“But how can we dig a tunnel without the tools?” demanded Pudge, almost pathetically, “and what have we got to blow them up with, I want to know?”
Billy laughed derisively.
“We couldn’t if we would, Pudge,” he remarked, “and we wouldn’t if we could. We came over here on business for the Sea Eagle Company, Limited, and not to take a hand in shortening the supply of the Kaiser’s brave soldiers.”
“Then what are we meaning to do about it?” the fat boy kept on asking. “I want to know, because to tell you the truth, I’m not feeling very comfortable right now.”
“Frank, have you thought up that scheme yet?” asked Billy, just as indifferently as though it might be the regular program for Frank to figure out a method of escaping from each and every ill that beset them.
“I think there’s a way to do it,” Frank responded. “This swale we’re lying in, as near as I can tell, keeps right along in a crooked fashion, but always bearing in a direction that will take us away from the windmill.”
“Oh! that’s the game, then, is it?” cried Billy. “You lead off, and we follow after you like a trailing snake? Well, I’m pretty good on the crawl, and when it’s necessary I can wriggle to beat the band.”

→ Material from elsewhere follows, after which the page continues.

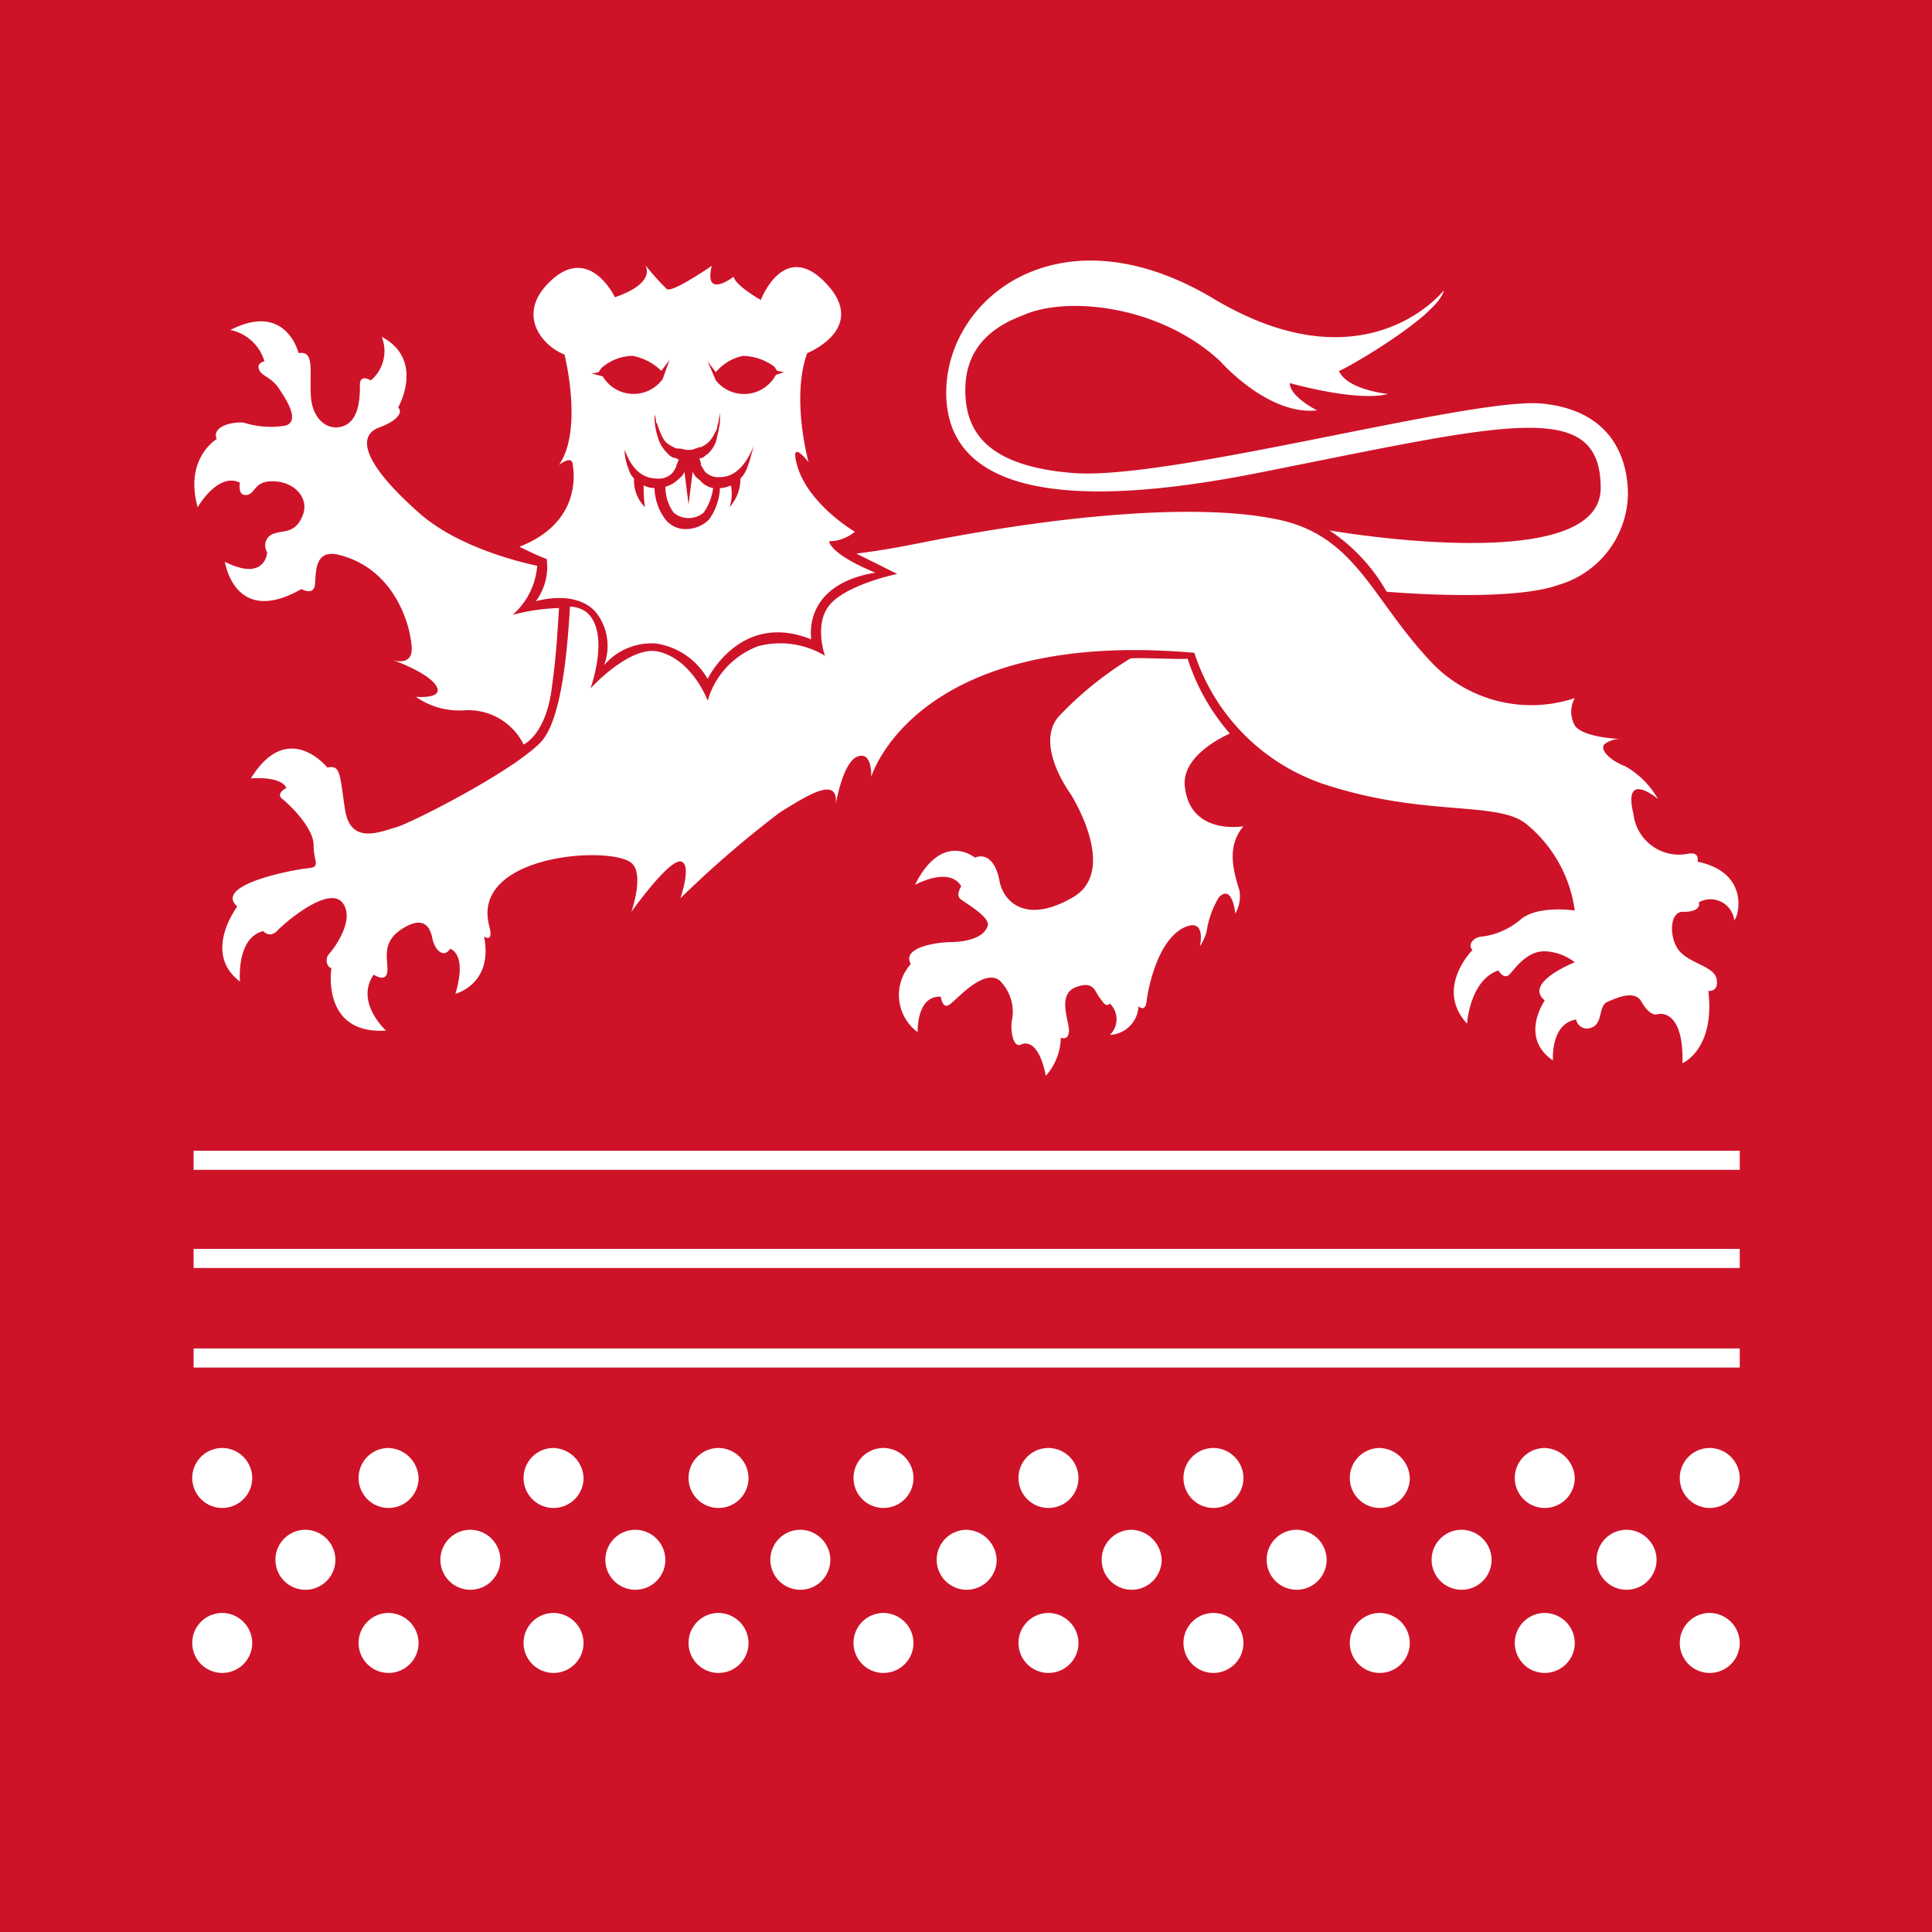 <svg xmlns="http://www.w3.org/2000/svg" width="113.768" height="113.768" viewBox="0 0 113.768 113.768"><rect width="113.768" height="113.768" fill="#ce1329"/><g transform="translate(11.321 15.344)"><g transform="translate(0 52.419)"><g transform="translate(0.08)"><rect width="91.046" height="1.124" transform="translate(0 11.642)" fill="#fff"/><rect width="91.046" height="1.124" transform="translate(0 5.781)" fill="#fff"/><rect width="91.046" height="1.124" fill="#fff"/></g><g transform="translate(0 17.503)"><path d="M124.966,118.3a1.766,1.766,0,1,0,1.766,1.766A1.782,1.782,0,0,0,124.966,118.3Z" transform="translate(-35.606 -108.585)" fill="#fff"/><path d="M124.966,106.2a1.766,1.766,0,1,0,1.766,1.766A1.782,1.782,0,0,0,124.966,106.2Z" transform="translate(-35.606 -106.2)" fill="#fff"/><path d="M112.866,118.3a1.766,1.766,0,1,0,1.766,1.766A1.782,1.782,0,0,0,112.866,118.3Z" transform="translate(-33.221 -108.585)" fill="#fff"/><path d="M112.866,106.2a1.766,1.766,0,1,0,1.766,1.766A1.837,1.837,0,0,0,112.866,106.2Z" transform="translate(-33.221 -106.2)" fill="#fff"/><path d="M118.866,112.2a1.766,1.766,0,1,0,1.766,1.766A1.782,1.782,0,0,0,118.866,112.2Z" transform="translate(-34.404 -107.383)" fill="#fff"/><path d="M100.766,118.3a1.766,1.766,0,1,0,1.766,1.766A1.782,1.782,0,0,0,100.766,118.3Z" transform="translate(-30.836 -108.585)" fill="#fff"/><path d="M100.766,106.2a1.766,1.766,0,1,0,1.766,1.766A1.837,1.837,0,0,0,100.766,106.2Z" transform="translate(-30.836 -106.2)" fill="#fff"/><path d="M106.766,112.2a1.766,1.766,0,1,0,1.766,1.766A1.782,1.782,0,0,0,106.766,112.2Z" transform="translate(-32.019 -107.383)" fill="#fff"/><path d="M88.566,118.3a1.766,1.766,0,1,0,1.766,1.766A1.782,1.782,0,0,0,88.566,118.3Z" transform="translate(-28.431 -108.585)" fill="#fff"/><path d="M88.566,106.2a1.766,1.766,0,1,0,1.766,1.766A1.782,1.782,0,0,0,88.566,106.2Z" transform="translate(-28.431 -106.2)" fill="#fff"/><path d="M94.666,112.2a1.766,1.766,0,1,0,1.766,1.766A1.782,1.782,0,0,0,94.666,112.2Z" transform="translate(-29.633 -107.383)" fill="#fff"/><path d="M76.466,118.3a1.766,1.766,0,1,0,1.766,1.766A1.782,1.782,0,0,0,76.466,118.3Z" transform="translate(-26.046 -108.585)" fill="#fff"/><path d="M76.466,106.2a1.766,1.766,0,1,0,1.766,1.766A1.782,1.782,0,0,0,76.466,106.2Z" transform="translate(-26.046 -106.2)" fill="#fff"/><path d="M82.566,112.2a1.766,1.766,0,1,0,1.766,1.766A1.837,1.837,0,0,0,82.566,112.2Z" transform="translate(-27.248 -107.383)" fill="#fff"/><path d="M64.366,118.3a1.766,1.766,0,1,0,1.766,1.766A1.782,1.782,0,0,0,64.366,118.3Z" transform="translate(-23.661 -108.585)" fill="#fff"/><path d="M64.366,106.2a1.766,1.766,0,1,0,1.766,1.766A1.782,1.782,0,0,0,64.366,106.2Z" transform="translate(-23.661 -106.2)" fill="#fff"/><path d="M70.466,112.2a1.766,1.766,0,1,0,1.766,1.766A1.837,1.837,0,0,0,70.466,112.2Z" transform="translate(-24.863 -107.383)" fill="#fff"/><path d="M52.266,118.3a1.766,1.766,0,1,0,1.766,1.766A1.782,1.782,0,0,0,52.266,118.3Z" transform="translate(-21.275 -108.585)" fill="#fff"/><path d="M52.266,106.2a1.766,1.766,0,1,0,1.766,1.766A1.782,1.782,0,0,0,52.266,106.2Z" transform="translate(-21.275 -106.2)" fill="#fff"/><path d="M58.266,112.2a1.766,1.766,0,1,0,1.766,1.766A1.782,1.782,0,0,0,58.266,112.2Z" transform="translate(-22.458 -107.383)" fill="#fff"/><path d="M40.166,118.3a1.766,1.766,0,1,0,1.766,1.766A1.782,1.782,0,0,0,40.166,118.3Z" transform="translate(-18.89 -108.585)" fill="#fff"/><path d="M40.166,106.2a1.766,1.766,0,1,0,1.766,1.766A1.837,1.837,0,0,0,40.166,106.2Z" transform="translate(-18.89 -106.2)" fill="#fff"/><path d="M46.166,112.2a1.766,1.766,0,1,0,1.766,1.766A1.782,1.782,0,0,0,46.166,112.2Z" transform="translate(-20.073 -107.383)" fill="#fff"/><path d="M28.066,118.3a1.766,1.766,0,1,0,1.766,1.766A1.782,1.782,0,0,0,28.066,118.3Z" transform="translate(-16.505 -108.585)" fill="#fff"/><path d="M28.066,106.2a1.766,1.766,0,1,0,1.766,1.766A1.837,1.837,0,0,0,28.066,106.2Z" transform="translate(-16.505 -106.2)" fill="#fff"/><path d="M34.066,112.2a1.766,1.766,0,1,0,1.766,1.766A1.782,1.782,0,0,0,34.066,112.2Z" transform="translate(-17.688 -107.383)" fill="#fff"/><path d="M15.866,118.3a1.766,1.766,0,1,0,1.766,1.766A1.782,1.782,0,0,0,15.866,118.3Z" transform="translate(-14.1 -108.585)" fill="#fff"/><path d="M15.866,106.2a1.766,1.766,0,1,0,1.766,1.766A1.782,1.782,0,0,0,15.866,106.2Z" transform="translate(-14.1 -106.2)" fill="#fff"/><path d="M21.966,112.2a1.766,1.766,0,1,0,1.766,1.766A1.782,1.782,0,0,0,21.966,112.2Z" transform="translate(-15.302 -107.383)" fill="#fff"/></g></g><g transform="translate(0.125)"><g transform="translate(0 3.577)"><path d="M34.444,37.965c-1.847-.4-5.058-1.365-7.065-3.212-2.971-2.649-3.613-4.336-2.328-4.9,1.365-.482,1.445-1.044,1.2-1.2,0,0,1.606-2.81-.963-4.175a2.26,2.26,0,0,1-.642,2.569s-.642-.4-.642.241,0,2.007-.883,2.409-1.927-.241-2.007-1.766c-.08-1.445.241-2.649-.723-2.489,0,0-.723-3.051-4.014-1.365a2.659,2.659,0,0,1,2.007,1.847s-.482.08-.321.482.642.4,1.124,1.044c.482.723,1.285,1.927.482,2.248a5.185,5.185,0,0,1-2.489-.161c-.723-.08-1.927.241-1.606.963,0,0-1.927,1.124-1.124,4.014,0,0,1.2-2.087,2.489-1.445,0,0-.161.8.4.723s.4-.883,1.686-.8c1.2.08,2.007,1.044,1.606,2.007-.4,1.044-1.124.883-1.606,1.044a.739.739,0,0,0-.482,1.124s-.08,1.766-2.489.562c0,0,.562,3.854,4.5,1.606,0,0,.723.4.8-.241s-.08-2.168,1.445-1.766c3.452.883,4.255,4.5,4.255,5.54s-1.124.642-1.124.642,2.087.723,2.569,1.525-1.2.642-1.2.642a4.442,4.442,0,0,0,2.81.8,3.631,3.631,0,0,1,3.533,2.007s1.365-.562,1.686-3.533c.241-1.686.321-3.292.4-4.5a12,12,0,0,0-2.73.4A4.281,4.281,0,0,0,34.444,37.965Z" transform="translate(-14.256 -23.567)" fill="#fff"/></g><path d="M79.551,48.294A20.493,20.493,0,0,0,75.3,51.747c-1.365,1.686.723,4.5.723,4.5s2.89,4.5.161,6.1-4.095.321-4.336-.963-.883-1.606-1.445-1.365c0,0-1.927-1.606-3.533,1.606,0,0,2.007-1.124,2.73.08,0,0-.321.482-.08.723s1.927,1.124,1.606,1.686c-.241.562-1.044.883-2.328.883-1.285.08-2.649.482-2.168,1.285a2.722,2.722,0,0,0,.4,4.014s-.08-2.168,1.365-2.087c0,0,.08.723.482.482s2.007-2.168,2.971-1.445a2.58,2.58,0,0,1,.723,2.409c-.08.562.08,1.606.562,1.365,0,0,.963-.562,1.445,1.847a3.484,3.484,0,0,0,.883-2.248s.482.241.482-.482c-.08-.723-.642-2.087.4-2.489s1.124.241,1.365.562.4.642.642.4a1.283,1.283,0,0,1,0,1.847,1.77,1.77,0,0,0,1.686-1.686s.4.4.482-.321.642-3.613,2.248-4.336c1.285-.562.883,1.124.883,1.124a2.931,2.931,0,0,0,.4-.883,5.447,5.447,0,0,1,.723-2.007c.8-.8.963.963.963.963a2.018,2.018,0,0,0,.241-1.365c-.321-1.044-.8-2.569.241-3.774,0,0-3.131.562-3.452-2.328-.241-1.927,2.65-3.131,2.65-3.131a12.494,12.494,0,0,1-2.489-4.416C82.923,48.375,79.792,48.214,79.551,48.294Z" transform="translate(-24.439 -24.86)" fill="#fff"/><g transform="translate(1.642 14.795)"><path d="M103.172,58.142s.161-.562-.482-.482A2.706,2.706,0,0,1,99.4,55.332c-.642-2.649,1.445-.883,1.445-.883a5.119,5.119,0,0,0-1.927-1.927c-1.044-.4-1.606-1.124-1.124-1.365a1.56,1.56,0,0,1,.963-.241c-.562,0-2.409-.161-2.81-.8a1.651,1.651,0,0,1,0-1.606A8.12,8.12,0,0,1,87.6,46.5c-3.613-3.774-4.5-7.547-9.153-8.51-4.576-.963-12.445-.321-20.955,1.365-1.2.241-2.489.482-3.854.642l2.409,1.2s-2.73.562-3.854,1.686-.4,3.131-.4,3.131a5.1,5.1,0,0,0-3.934-.562,4.843,4.843,0,0,0-2.971,3.212s-.883-2.409-2.89-2.89c-1.686-.4-4.014,2.168-4.014,2.168s1.2-3.292-.241-4.5a1.722,1.722,0,0,0-.963-.321c-.161,2.569-.482,6.744-1.766,8.029-1.766,1.766-7.627,4.737-8.51,4.978s-2.649,1.044-2.971-1.044-.241-2.649-1.044-2.489c0,0-2.328-2.89-4.5.642,0,0,1.766-.161,2.087.562,0,0-.642.321-.241.642s1.847,1.686,1.847,2.73.482,1.285-.4,1.365c-.8.08-5.54.963-4.095,2.248,0,0-2.087,2.73.161,4.416,0,0-.241-2.569,1.365-2.971,0,0,.4.482.883-.08.562-.562,2.971-2.569,3.774-1.606s-.482,2.73-.8,3.051c-.241.321-.08.8.161.8,0,0-.642,3.934,3.212,3.693,0,0-1.847-1.686-.723-3.292,0,0,.723.482.8-.161s-.4-1.686.8-2.489,1.686-.321,1.847.482.723,1.2,1.044.642c0,0,1.044.241.321,2.649,0,0,2.248-.562,1.686-3.372,0,0,.562.4.321-.562-1.2-4.255,7.065-4.817,8.35-3.774.8.642,0,2.89,0,2.89s2.168-3.051,2.89-2.971,0,2.168,0,2.168a61.911,61.911,0,0,1,5.861-5.058c1.686-1.044,3.452-2.168,3.292-.482,0,0,.4-2.489,1.285-2.81s.8,1.2.8,1.2,2.569-8.751,19.028-7.306a12.052,12.052,0,0,0,7.547,7.708c6.022,2.007,10.357.963,12.043,2.409a7.951,7.951,0,0,1,2.81,5.058s-2.087-.321-3.131.482a4.391,4.391,0,0,1-2.248,1.044c-.562,0-.963.482-.642.8,0,0-2.248,2.248-.321,4.336,0,0,.161-2.569,1.847-3.131,0,0,.321.562.642.241s1.044-1.445,2.168-1.365a3.038,3.038,0,0,1,1.686.642s-3.051,1.2-1.766,2.248c0,0-1.525,2.168.482,3.533,0,0-.161-2.168,1.365-2.409a.649.649,0,0,0,.883.482c.723-.241.4-1.285.963-1.525s1.606-.723,2.007,0,.8.8.963.723c0,0,1.525-.4,1.445,2.89,0,0,1.927-.8,1.525-4.255,0,0,.642.08.482-.723-.161-.723-1.525-.883-2.168-1.606s-.642-2.409.241-2.328c.8,0,.963-.321.883-.562a1.414,1.414,0,0,1,2.087,1.044C105.58,61.433,106.3,58.784,103.172,58.142Z" transform="translate(-16.302 -37.539)" fill="#fff"/></g><path d="M98.7,20.869s-4.576,5.861-13.569.482S69.4,21.27,69.4,26.89c0,4.255,3.693,7.627,18.306,4.737s20.232-4.5,20.232.883c0,5.3-15.977,2.489-15.977,2.489a10.56,10.56,0,0,1,3.372,3.613s7.226.642,10.116-.4a5.677,5.677,0,0,0,4.095-5.3c0-2.168-.963-4.978-5.058-5.379s-21.758,4.5-27.539,4.095c-5.3-.4-6.423-2.569-6.423-4.9,0-2.73,1.927-3.854,3.452-4.416,2.569-1.124,8.029-.562,11.561,2.73,0,0,2.81,3.212,5.7,2.89,0,0-1.606-.8-1.606-1.606,0,0,3.934,1.124,5.781.642,0,0-2.409-.241-2.89-1.365C92.6,25.686,98.384,22.394,98.7,20.869Z" transform="translate(-25.126 -19.112)" fill="#fff"/><g transform="translate(19.144 0.232)"><path d="M50.406,34.6h0l-.241,1.927L49.924,34.6h0a.8.8,0,0,1-.321.4,1.666,1.666,0,0,1-.8.482,2.643,2.643,0,0,0,.482,1.525,1.375,1.375,0,0,0,1.766,0,3.208,3.208,0,0,0,.562-1.445,1.365,1.365,0,0,1-.8-.482A1.07,1.07,0,0,1,50.406,34.6Z" transform="translate(-40.209 -22.396)" fill="#fff"/><path d="M59.055,37.545s-2.489-.963-2.73-1.847a2.429,2.429,0,0,0,1.525-.562S54.96,33.45,54.4,31.042c-.321-1.365.723,0,.723,0s-1.044-3.774-.08-6.423c0,0,3.613-1.445,1.124-4.095s-3.854.963-3.854.963-1.445-.8-1.606-1.365c0,0-1.766,1.365-1.285-.642,0,0-2.328,1.606-2.649,1.365A15.228,15.228,0,0,1,45.486,19.4s.8,1.044-1.766,1.927c0,0-1.445-3.051-3.693-1.044s-.562,3.934.723,4.416c0,0,1.124,4.416-.321,6.5,0,0,.723-.562.8-.08s.562,3.452-3.131,4.9c0,0,1.124.562,1.606.723a3.419,3.419,0,0,1-.642,2.489s2.328-.723,3.533.642A3.193,3.193,0,0,1,43.078,43a3.688,3.688,0,0,1,3.051-1.285,4.218,4.218,0,0,1,3.051,2.087s1.927-4.014,6.1-2.328C55.282,41.4,54.72,38.268,59.055,37.545ZM43,25.984l-.642-.161.4-.08.161-.241a2.845,2.845,0,0,1,1.847-.723,3.272,3.272,0,0,1,1.686.883l.482-.642-.4,1.124A2.116,2.116,0,0,1,43,25.984Zm8.51,5.379a1.748,1.748,0,0,1-.4.642,2.466,2.466,0,0,1-.642,1.686,2.44,2.44,0,0,0,.08-1.285,1.513,1.513,0,0,1-.642.161,3.423,3.423,0,0,1-.642,1.847,1.9,1.9,0,0,1-1.285.562,1.5,1.5,0,0,1-1.285-.562,3.217,3.217,0,0,1-.642-1.847,1.513,1.513,0,0,1-.642-.161,8.87,8.87,0,0,0,.08,1.285,2.218,2.218,0,0,1-.642-1.686,1.294,1.294,0,0,1-.321-.562,3.152,3.152,0,0,1-.241-1.124c.161.321.562,1.686,1.927,1.686a1.1,1.1,0,0,0,.883-.321,1.755,1.755,0,0,0,.241-.4V31.2c.08-.08.08-.241.161-.321-.08,0-.08,0-.161-.08h-.08a.734.734,0,0,1-.4-.241,2.217,2.217,0,0,1-.482-.642,4.242,4.242,0,0,1-.321-1.365v-.321a1.821,1.821,0,0,1,.08.321.3.3,0,0,0,.08.241,5.535,5.535,0,0,0,.241.642,1.755,1.755,0,0,0,.241.4h0a1.68,1.68,0,0,0,.482.321.483.483,0,0,0,.321.08,1.633,1.633,0,0,1,.4.08h.161a.724.724,0,0,0,.4-.08c.08,0,.161-.08.321-.08a1.679,1.679,0,0,0,.482-.321h0a1.68,1.68,0,0,0,.321-.482c.08-.161.161-.241.161-.4,0-.08.08-.241.08-.321s.08-.482.08-.482v.482h0c0,.241-.08.4-.08.562-.08.241-.08.4-.161.642a1.748,1.748,0,0,1-.4.642l-.08.08c-.161.08-.241.241-.4.241H48.7c0,.08.08.241.08.321v.08c.08.161.161.241.241.4a1.1,1.1,0,0,0,.883.321c1.285,0,1.847-1.525,2.007-1.847C51.749,30.56,51.669,30.961,51.508,31.363Zm1.686-5.46a2.122,2.122,0,0,1-3.533.321L49.18,25.1l.482.642a2.81,2.81,0,0,1,1.606-.963,3.23,3.23,0,0,1,1.847.642l.161.241.4.08Z" transform="translate(-38.1 -19.4)" fill="#fff"/></g></g></g></svg>

“Yes,” sang out Pudge with a groan, “but how about me? I’m not built to make a good wriggler, and you know it, fellows. It’s going to be awful tough on a fellow whose body is so thick that it looms up above the sheltering bank some of the time. I’ll be fairly riddled with shot, sooner or later. Please tell me how I’m going to manage it, won’t you?”
“There’s only one thing for you to do, Pudge,” Billy jeered.
“What’s that?” asked the unhappy Pudge.